Posted to users@kafka.apache.org by Sandon Jacobs <sj...@appia.com> on 2014/03/06 03:27:34 UTC
Consumer Multi-Fetch
I understand replication uses a multi-fetch concept to maintain the replicas of each partition. I have a use case where it might be beneficial to grab a “batch” of messages from a kafka topic and process them as one unit into a source system – in my use case, sending the messages to a Flume source.
My questions:
* Is it possible to fetch a back of messages in which you may not know the exact message size?

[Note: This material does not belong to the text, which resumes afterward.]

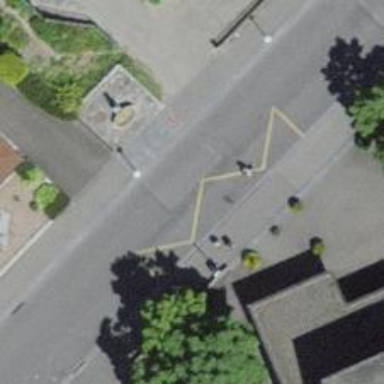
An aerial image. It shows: Public transport stop position.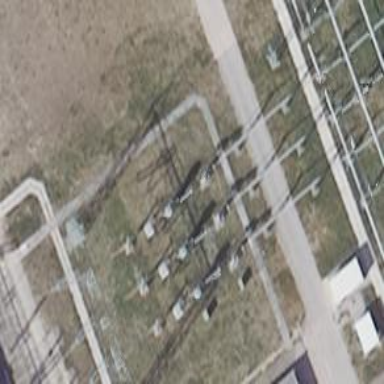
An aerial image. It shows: Three power lines with cables.

* If so, how are the offsets managed?
I am trying to avoid queuing them in memory and batching in my process for several reasons.
Thanks in advance…
Re: Consumer Multi-Fetch
Posted by Joel Koshy <jj...@gmail.com>.
On Thu, Mar 06, 2014 at 02:27:34AM +0000, Sandon Jacobs wrote:
> I understand replication uses a multi-fetch concept to maintain the replicas of each partition. I have a use case where it might be beneficial to grab a “batch” of messages from a kafka topic and process them as one unit into a source system – in my use case, sending the messages to a Flume source.
>
> My questions:
>
> * Is it possible to fetch a back of messages in which you may not know the exact message size?

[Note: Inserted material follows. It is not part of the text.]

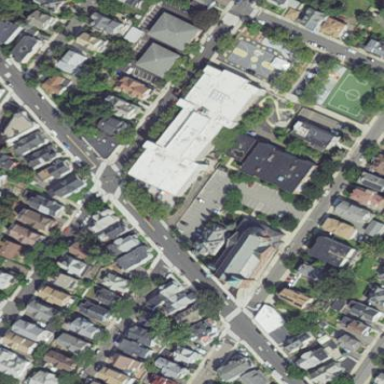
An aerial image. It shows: School building.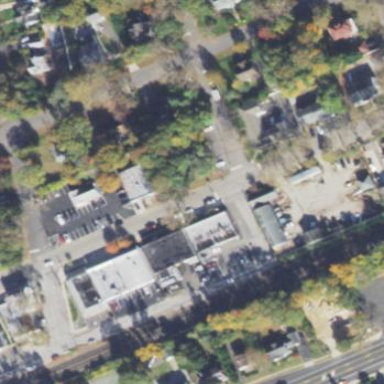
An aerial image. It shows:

The high-level consumer actually uses multi-fetch. You will need to
have some idea of the max message size and set your fetch size
accordingly. Unfortunately if you are consuming a very large number of
topics this can increase the memory requirements of the consumer. We
intend to address this in the consumer re-write - there is a separate
design review thread on that.
> * If so, how are the offsets managed?
The consumer essentially pre-fetches and queues the chunks in memory
and the offsets are not incremented/check-pointed until the
application thread actually iterates over the messsages.
> I am trying to avoid queuing them in memory and batching in my process for several reasons.
The high-level consumer does queuing as described above, but you can
reduce the number of queued chunks.
Joel